Michael Weinstein-Reiman
Michael Weinstein-Reiman is a historian of music theory. His work seeks to elucidate music theory’s role in the history of ideas over the longue durée. His related research interests include eighteenth- and nineteenth-century European philosophy, music pedagogy, literature, gender and sexuality, and disability studies.
In 2021, he received the Ph.D. in Music Theory from Columbia University, where he wrote a dissertation on the changing understanding of touch—considered as an action, a sense, and as a metaphor for music’s effect on the psyche—across the span of two centuries of French intellectual history. Research for the dissertation was supported by Columbia’s Dean’s Fellowship, a Georges Lurcy Fellowship, an honorary Chateaubriand Fellowship from the French Embassy, and several travel grants. He holds degrees in music from The University of Oregon, Mannes College, and Brandeis University.
His current book project, Touch and Modernity in Keyboard Pedagogy is the first monograph-length study in musicology to take the sensorium as a contingent product of ideological and sociopolitical forces, and to explore the effect of this changeability on notions of artistic and educational perfectibility. His book asserts that pedagogical programs for harpsichordists and pianists—for whom the cultivation of touch has historically been paramount—are especially interesting, as they illuminate music theory’s heretofore unexamined role in philosophy’s construction of the modern self.

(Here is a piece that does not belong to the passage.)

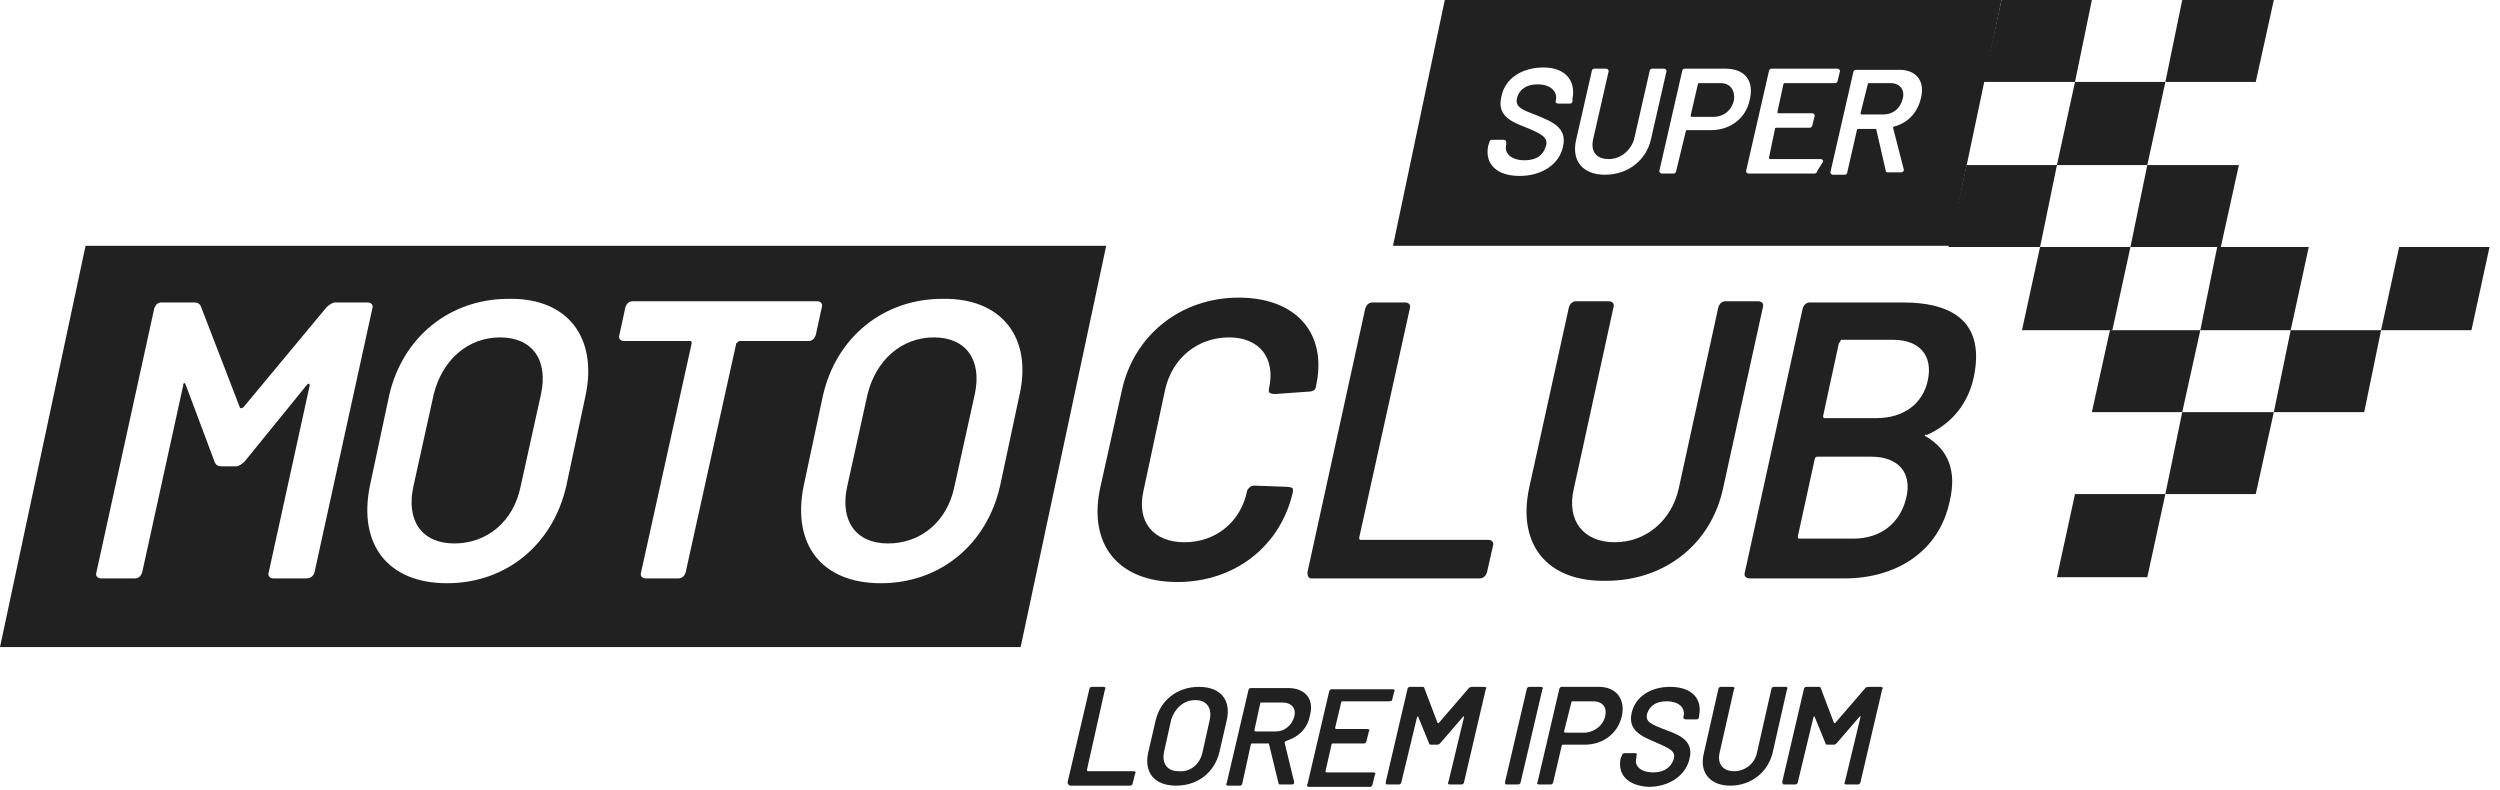 <svg xmlns="http://www.w3.org/2000/svg" width="155" height="49" viewBox="0 0 155 49" fill="none"><path d="M5.304 15.241L0 40.119H63.279L68.584 15.241H5.304ZM18.976 35.861H16.959C16.735 35.861 16.586 35.711 16.66 35.487L19.2 23.907C19.2 23.758 19.126 23.758 19.051 23.832L15.166 28.614C15.017 28.763 14.793 28.913 14.643 28.913H13.747C13.523 28.913 13.373 28.838 13.298 28.614L11.505 23.832C11.431 23.683 11.356 23.758 11.356 23.907L8.816 35.487C8.741 35.711 8.592 35.861 8.367 35.861H6.276C6.051 35.861 5.902 35.711 5.977 35.487L9.563 19.126C9.638 18.902 9.787 18.752 10.011 18.752H12.028C12.252 18.752 12.402 18.827 12.476 19.051L14.867 25.252C14.867 25.327 15.017 25.327 15.091 25.252L20.246 19.051C20.396 18.902 20.62 18.752 20.769 18.752H22.787C23.011 18.752 23.16 18.902 23.085 19.126L19.499 35.487C19.424 35.711 19.275 35.861 18.976 35.861ZM36.309 24.505L35.114 30.108C34.292 33.769 31.378 36.16 27.717 36.16C24.056 36.16 22.189 33.769 22.936 30.108L24.131 24.505C24.953 20.919 27.867 18.528 31.527 18.528C35.188 18.453 37.056 20.919 36.309 24.505ZM45.648 21.292L42.51 35.487C42.435 35.711 42.286 35.861 42.062 35.861H40.044C39.82 35.861 39.671 35.711 39.746 35.487L42.883 21.292C42.883 21.218 42.883 21.143 42.809 21.143H38.7C38.475 21.143 38.326 20.994 38.401 20.769L38.774 19.051C38.849 18.827 38.998 18.677 39.223 18.677H50.653C50.877 18.677 51.027 18.827 50.952 19.051L50.578 20.769C50.504 20.994 50.354 21.143 50.13 21.143H45.872C45.797 21.143 45.722 21.218 45.648 21.292ZM63.205 24.505L62.009 30.108C61.187 33.769 58.274 36.16 54.613 36.16C50.952 36.16 49.084 33.769 49.831 30.108L51.027 24.505C51.849 20.919 54.762 18.528 58.423 18.528C62.084 18.453 64.026 20.919 63.205 24.505Z" fill="#212121"></path><path d="M57.9 20.919C55.883 20.919 54.314 22.338 53.791 24.43L52.521 30.183C52.072 32.275 53.044 33.694 55.061 33.694C57.078 33.694 58.722 32.349 59.17 30.183L60.44 24.43C60.888 22.338 59.917 20.919 57.9 20.919Z" fill="#212121"></path><path d="M31.004 20.919C28.987 20.919 27.418 22.338 26.895 24.43L25.625 30.183C25.177 32.275 26.148 33.694 28.165 33.694C30.183 33.694 31.826 32.349 32.274 30.183L33.544 24.43C33.993 22.338 33.022 20.919 31.004 20.919Z" fill="#212121"></path><path d="M68.21 30.257L69.555 24.206C70.302 20.769 73.216 18.453 76.802 18.453C80.388 18.453 82.33 20.695 81.583 23.982C81.583 24.131 81.434 24.281 81.135 24.281L79.043 24.43C78.819 24.43 78.669 24.355 78.669 24.281V24.131C79.118 22.189 78.072 20.919 76.204 20.919C74.261 20.919 72.692 22.189 72.244 24.131L70.9 30.407C70.451 32.349 71.497 33.619 73.44 33.619C75.382 33.619 76.951 32.349 77.325 30.407C77.399 30.258 77.549 30.108 77.773 30.108L79.79 30.183C80.014 30.183 80.163 30.257 80.163 30.332V30.482C79.416 33.843 76.577 36.085 72.991 36.085C69.331 36.085 67.463 33.769 68.21 30.257Z" fill="#212121"></path><path d="M81.06 35.487L84.646 19.126C84.721 18.902 84.87 18.752 85.094 18.752H87.112C87.336 18.752 87.485 18.902 87.41 19.126L84.273 33.321C84.273 33.395 84.273 33.47 84.347 33.47H92.266C92.491 33.47 92.64 33.619 92.565 33.843L92.192 35.487C92.117 35.711 91.968 35.861 91.743 35.861H81.284C81.135 35.861 81.06 35.711 81.06 35.487Z" fill="#212121"></path><path d="M94.807 30.257L97.272 19.051C97.347 18.827 97.496 18.677 97.72 18.677H99.737C99.962 18.677 100.111 18.827 100.036 19.051L97.571 30.332C97.123 32.275 98.169 33.619 100.111 33.619C102.053 33.619 103.622 32.275 104.071 30.332L106.536 19.051C106.611 18.827 106.76 18.677 106.984 18.677H109.001C109.226 18.677 109.375 18.827 109.3 19.051L106.835 30.257C106.088 33.769 103.174 36.01 99.588 36.01C95.927 36.085 94.059 33.769 94.807 30.257Z" fill="#212121"></path><path d="M119.386 27.045C120.806 27.867 121.329 29.212 120.88 31.079C120.208 34.292 117.444 35.861 114.381 35.861H108.478C108.254 35.861 108.105 35.711 108.18 35.487L111.766 19.126C111.84 18.902 111.99 18.752 112.214 18.752H117.967C121.329 18.752 123.047 20.172 122.374 23.384C122.001 25.102 120.955 26.298 119.461 26.97C119.311 26.895 119.311 27.045 119.386 27.045ZM118.191 30.855C118.564 29.286 117.668 28.315 116.024 28.315H112.662C112.587 28.315 112.513 28.39 112.513 28.464L111.467 33.246C111.467 33.321 111.467 33.395 111.542 33.395H114.903C116.622 33.395 117.817 32.424 118.191 30.855ZM114.007 21.292L113.036 25.775C113.036 25.85 113.036 25.924 113.11 25.924H116.323C118.041 25.924 119.237 25.028 119.535 23.534C119.834 22.039 119.013 21.068 117.369 21.068H114.156C114.082 21.143 114.082 21.218 114.007 21.292Z" fill="#212121"></path><path d="M106.686 5.155H105.341C105.341 5.155 105.266 5.155 105.266 5.23L104.818 7.172C104.818 7.172 104.818 7.247 104.893 7.247H106.237C106.835 7.247 107.358 6.873 107.507 6.201C107.582 5.603 107.283 5.155 106.686 5.155Z" fill="#212121"></path><path d="M117.22 5.155H115.875C115.875 5.155 115.8 5.155 115.8 5.23L115.352 7.023C115.352 7.023 115.352 7.097 115.427 7.097H116.772C117.369 7.097 117.817 6.724 117.967 6.126C118.116 5.603 117.817 5.155 117.22 5.155Z" fill="#212121"></path><path d="M89.577 0L86.365 15.241H120.881L124.093 0H89.577ZM97.496 6.126V6.276C97.496 6.35 97.422 6.425 97.347 6.425H96.6C96.525 6.425 96.451 6.35 96.451 6.35V6.276C96.6 5.753 96.226 5.23 95.33 5.23C94.657 5.23 94.209 5.529 94.06 6.051C93.91 6.649 94.359 6.799 95.33 7.172C96.226 7.546 97.198 7.919 96.899 9.115C96.675 10.161 95.629 10.908 94.209 10.908C92.79 10.908 92.043 10.161 92.267 9.04L92.341 8.816C92.341 8.741 92.416 8.666 92.491 8.666H93.238C93.313 8.666 93.388 8.741 93.388 8.816V8.965C93.238 9.488 93.686 9.936 94.508 9.936C95.33 9.936 95.704 9.563 95.853 9.04C96.002 8.517 95.554 8.293 94.657 7.919C93.686 7.546 92.79 7.172 93.089 5.977C93.313 4.856 94.359 4.184 95.704 4.184C96.974 4.184 97.721 4.931 97.496 6.126ZM99.514 10.833C98.094 10.833 97.422 9.936 97.721 8.666L98.692 4.408C98.692 4.333 98.767 4.258 98.841 4.258H99.588C99.663 4.258 99.738 4.333 99.738 4.408L98.767 8.666C98.617 9.413 98.991 9.862 99.738 9.862C100.485 9.862 101.083 9.339 101.307 8.666L102.278 4.408C102.278 4.333 102.353 4.258 102.427 4.258H103.174C103.249 4.258 103.324 4.333 103.324 4.408L102.353 8.666C102.054 9.936 100.933 10.833 99.514 10.833ZM106.088 8.069H104.594C104.594 8.069 104.519 8.069 104.519 8.143L103.922 10.609C103.922 10.684 103.847 10.758 103.772 10.758H103.025C102.95 10.758 102.876 10.684 102.876 10.609L104.295 4.408C104.295 4.333 104.37 4.258 104.445 4.258H106.985C108.18 4.258 108.778 5.006 108.479 6.201C108.255 7.322 107.283 8.069 106.088 8.069ZM112.663 10.609C112.663 10.684 112.588 10.758 112.513 10.758H108.404C108.329 10.758 108.255 10.684 108.255 10.609L109.674 4.408C109.674 4.333 109.749 4.258 109.824 4.258H113.933C114.007 4.258 114.082 4.333 114.082 4.408L113.933 5.006C113.933 5.08 113.858 5.155 113.783 5.155H110.645C110.645 5.155 110.571 5.155 110.571 5.23L110.197 6.948C110.197 6.948 110.197 7.023 110.272 7.023H112.364C112.438 7.023 112.513 7.097 112.513 7.172L112.364 7.77C112.364 7.845 112.289 7.919 112.214 7.919H110.122C110.122 7.919 110.048 7.919 110.048 7.994L109.674 9.787C109.674 9.787 109.674 9.862 109.749 9.862H112.887C112.961 9.862 113.036 9.936 113.036 10.011L112.663 10.609ZM119.088 6.126C118.863 7.023 118.266 7.62 117.444 7.845C117.369 7.845 117.369 7.919 117.369 7.919L118.042 10.534C118.042 10.609 117.967 10.684 117.892 10.684H117.07C116.996 10.684 116.921 10.684 116.921 10.609L116.323 7.994C116.323 7.994 116.323 7.994 116.249 7.994H115.203C115.203 7.994 115.128 7.994 115.128 8.069L114.53 10.684C114.53 10.758 114.456 10.833 114.381 10.833H113.634C113.559 10.833 113.484 10.758 113.484 10.684L114.904 4.483C114.904 4.408 114.979 4.333 115.053 4.333H117.593C118.789 4.258 119.386 5.006 119.088 6.126Z" fill="#212121"></path><path d="M66.193 48.487L67.538 42.734C67.538 42.659 67.612 42.585 67.687 42.585H68.434C68.509 42.585 68.584 42.659 68.509 42.734L67.388 47.74C67.388 47.74 67.388 47.814 67.463 47.814H70.302C70.377 47.814 70.451 47.889 70.377 47.964L70.227 48.561C70.227 48.636 70.153 48.711 70.078 48.711H66.342C66.193 48.636 66.193 48.561 66.193 48.487Z" fill="#212121"></path><path d="M71.198 46.619L71.647 44.676C71.946 43.406 72.992 42.585 74.336 42.585C75.681 42.585 76.353 43.406 76.055 44.676L75.606 46.619C75.308 47.889 74.262 48.711 72.917 48.711C71.572 48.711 70.9 47.889 71.198 46.619ZM74.56 46.619L75.009 44.602C75.158 43.855 74.785 43.406 74.112 43.406C73.365 43.406 72.842 43.929 72.618 44.602L72.17 46.619C72.02 47.366 72.394 47.814 73.066 47.814C73.813 47.889 74.411 47.366 74.56 46.619Z" fill="#212121"></path><path d="M79.267 48.561L78.669 46.096C78.669 46.096 78.669 46.096 78.594 46.096H77.623C77.623 46.096 77.549 46.096 77.549 46.171L77.026 48.561C77.026 48.636 76.951 48.711 76.876 48.711H76.129C76.054 48.711 75.98 48.636 76.054 48.561L77.399 42.809C77.399 42.734 77.474 42.659 77.549 42.659H79.865C80.91 42.659 81.508 43.332 81.209 44.378C81.06 45.199 80.462 45.722 79.715 45.947L79.641 46.021L80.238 48.487C80.238 48.561 80.238 48.636 80.089 48.636H79.342C79.342 48.636 79.267 48.636 79.267 48.561ZM78.146 43.556L77.773 45.274C77.773 45.274 77.773 45.349 77.847 45.349H79.118C79.641 45.349 80.089 44.975 80.238 44.452C80.388 43.929 80.089 43.556 79.491 43.556H78.146C78.146 43.481 78.146 43.481 78.146 43.556Z" fill="#212121"></path><path d="M86.141 43.481H83.227C83.227 43.481 83.152 43.481 83.152 43.556L82.779 45.125C82.779 45.125 82.779 45.199 82.853 45.199H84.796C84.87 45.199 84.945 45.274 84.87 45.349L84.721 45.947C84.721 46.021 84.646 46.096 84.572 46.096H82.629C82.629 46.096 82.554 46.096 82.554 46.171L82.181 47.814C82.181 47.814 82.181 47.889 82.256 47.889H85.169C85.244 47.889 85.319 47.964 85.244 48.038L85.095 48.636C85.095 48.711 85.02 48.785 84.945 48.785H81.135C81.06 48.785 80.986 48.711 81.06 48.636L82.405 42.883C82.405 42.809 82.48 42.734 82.554 42.734H86.365C86.439 42.734 86.514 42.809 86.439 42.883L86.29 43.481C86.29 43.406 86.215 43.481 86.141 43.481Z" fill="#212121"></path><path d="M85.916 48.487L87.261 42.734C87.261 42.659 87.335 42.585 87.41 42.585H88.157C88.232 42.585 88.307 42.585 88.307 42.659L89.129 44.826H89.203L91.071 42.659C91.146 42.585 91.22 42.585 91.295 42.585H92.042C92.117 42.585 92.192 42.659 92.117 42.734L90.772 48.487C90.772 48.561 90.697 48.636 90.623 48.636H89.876C89.801 48.636 89.726 48.561 89.801 48.487L90.772 44.452C90.772 44.378 90.772 44.378 90.697 44.452L89.278 46.096C89.203 46.171 89.129 46.171 89.054 46.171H88.755C88.68 46.171 88.606 46.171 88.606 46.096L87.933 44.452C87.933 44.378 87.859 44.452 87.859 44.452L86.887 48.487C86.887 48.561 86.812 48.636 86.738 48.636H85.991C85.916 48.636 85.916 48.561 85.916 48.487Z" fill="#212121"></path><path d="M93.312 48.487L94.657 42.734C94.657 42.659 94.732 42.585 94.807 42.585H95.554C95.629 42.585 95.703 42.659 95.629 42.734L94.284 48.487C94.284 48.561 94.209 48.636 94.134 48.636H93.387C93.312 48.636 93.312 48.561 93.312 48.487Z" fill="#212121"></path><path d="M100.559 44.378C100.335 45.424 99.439 46.171 98.243 46.171H96.899C96.899 46.171 96.824 46.171 96.824 46.245L96.301 48.487C96.301 48.561 96.226 48.636 96.152 48.636H95.404C95.33 48.636 95.255 48.561 95.33 48.487L96.674 42.734C96.674 42.659 96.749 42.585 96.824 42.585H99.14C100.186 42.585 100.784 43.332 100.559 44.378ZM99.513 44.452C99.663 43.855 99.364 43.481 98.766 43.481H97.496C97.496 43.481 97.422 43.481 97.422 43.556L96.973 45.349C96.973 45.349 96.973 45.424 97.048 45.424H98.318C98.916 45.349 99.364 44.975 99.513 44.452Z" fill="#212121"></path><path d="M100.485 46.992L100.559 46.843C100.559 46.768 100.634 46.694 100.709 46.694H101.381C101.456 46.694 101.53 46.768 101.456 46.843V46.992C101.306 47.516 101.755 47.889 102.502 47.889C103.249 47.889 103.622 47.515 103.772 47.067C103.921 46.544 103.473 46.395 102.651 46.021C101.755 45.648 100.933 45.274 101.157 44.228C101.381 43.182 102.352 42.585 103.548 42.585C104.892 42.585 105.565 43.332 105.341 44.378V44.452C105.341 44.527 105.266 44.602 105.191 44.602H104.519C104.444 44.602 104.369 44.527 104.369 44.527V44.452C104.519 43.929 104.145 43.481 103.323 43.481C102.651 43.481 102.278 43.78 102.128 44.228C101.979 44.751 102.352 44.901 103.323 45.274C104.145 45.573 105.042 45.947 104.743 47.067C104.519 48.038 103.548 48.785 102.203 48.785C100.933 48.711 100.26 48.038 100.485 46.992Z" fill="#212121"></path><path d="M105.64 46.694L106.536 42.734C106.536 42.659 106.611 42.585 106.686 42.585H107.433C107.507 42.585 107.582 42.659 107.507 42.734L106.611 46.694C106.462 47.366 106.835 47.814 107.507 47.814C108.18 47.814 108.778 47.366 108.927 46.694L109.823 42.734C109.823 42.659 109.898 42.585 109.973 42.585H110.72C110.795 42.585 110.869 42.659 110.795 42.734L109.898 46.694C109.599 47.889 108.553 48.711 107.283 48.711C106.013 48.711 105.341 47.889 105.64 46.694Z" fill="#212121"></path><path d="M110.496 48.487L111.84 42.734C111.84 42.659 111.915 42.585 111.99 42.585H112.737C112.812 42.585 112.886 42.585 112.886 42.659L113.708 44.826H113.783L115.651 42.659C115.725 42.585 115.8 42.585 115.875 42.585H116.622C116.697 42.585 116.771 42.659 116.697 42.734L115.352 48.487C115.352 48.561 115.277 48.636 115.202 48.636H114.455C114.381 48.636 114.306 48.561 114.381 48.487L115.352 44.452C115.352 44.378 115.352 44.378 115.277 44.452L113.858 46.096C113.783 46.171 113.708 46.171 113.633 46.171H113.335C113.26 46.171 113.185 46.171 113.185 46.096L112.513 44.452C112.513 44.378 112.438 44.452 112.438 44.452L111.467 48.487C111.467 48.561 111.392 48.636 111.317 48.636H110.57C110.57 48.636 110.496 48.561 110.496 48.487Z" fill="#212121"></path><path d="M120.806 15.316H126.484L127.53 10.235H121.926L120.806 15.316Z" fill="#212121"></path><path d="M132.087 15.316H137.69L138.811 10.235H133.133L132.087 15.316Z" fill="#212121"></path><path d="M125.363 20.471H130.966L132.087 15.316H126.483L125.363 20.471Z" fill="#212121"></path><path d="M147.626 20.471H153.23L154.35 15.316H148.747L147.626 20.471Z" fill="#212121"></path><path d="M136.42 20.471H142.023L143.144 15.316H137.466L136.42 20.471Z" fill="#212121"></path><path d="M128.65 5.08L127.529 10.235H133.133L134.253 5.08H128.65Z" fill="#212121"></path><path d="M129.696 0H124.093L122.972 5.08H128.65L129.696 0Z" fill="#212121"></path><path d="M140.977 0H135.299L134.253 5.08H139.857L140.977 0Z" fill="#212121"></path><path d="M127.529 35.786H133.133L134.253 30.631H128.65L127.529 35.786Z" fill="#212121"></path><path d="M135.299 25.551L134.253 30.631H139.857L140.977 25.551H135.299Z" fill="#212121"></path><path d="M136.42 20.471H130.817L129.696 25.551H135.3L136.42 20.471Z" fill="#212121"></path><path d="M147.627 20.471H142.023L140.978 25.551H146.581L147.627 20.471Z" fill="#212121"></path></svg>

His second research project, Encounters with the Piano: Instrumental Music and Empire-Building in French Indochina, focuses on practical music education as a tool for French cultural indoctrination and control in overseas territories between 1887 and World War II.
His writing appears in American Music Review, the Society for Music Theory’s History of Music Theory blog, Theory and Practice, and Nineteenth-Century Music Review. He is currently co-convening a colloquy for publication that invites scholars across music theory, history, ethnomusicology, education, and performance to consider both historical and contemporary educational encounters within our shared discipline as integral to the accumulation and dissemination of knowledge.
As an instructor, from 2021–22, Michael was Visiting Assistant Professor of Music at Wesleyan University where he taught music theory, history, and the graduate proseminar in world music studies. From 2014–19, he was adjunct professor of music theory and musicianship at Mannes College.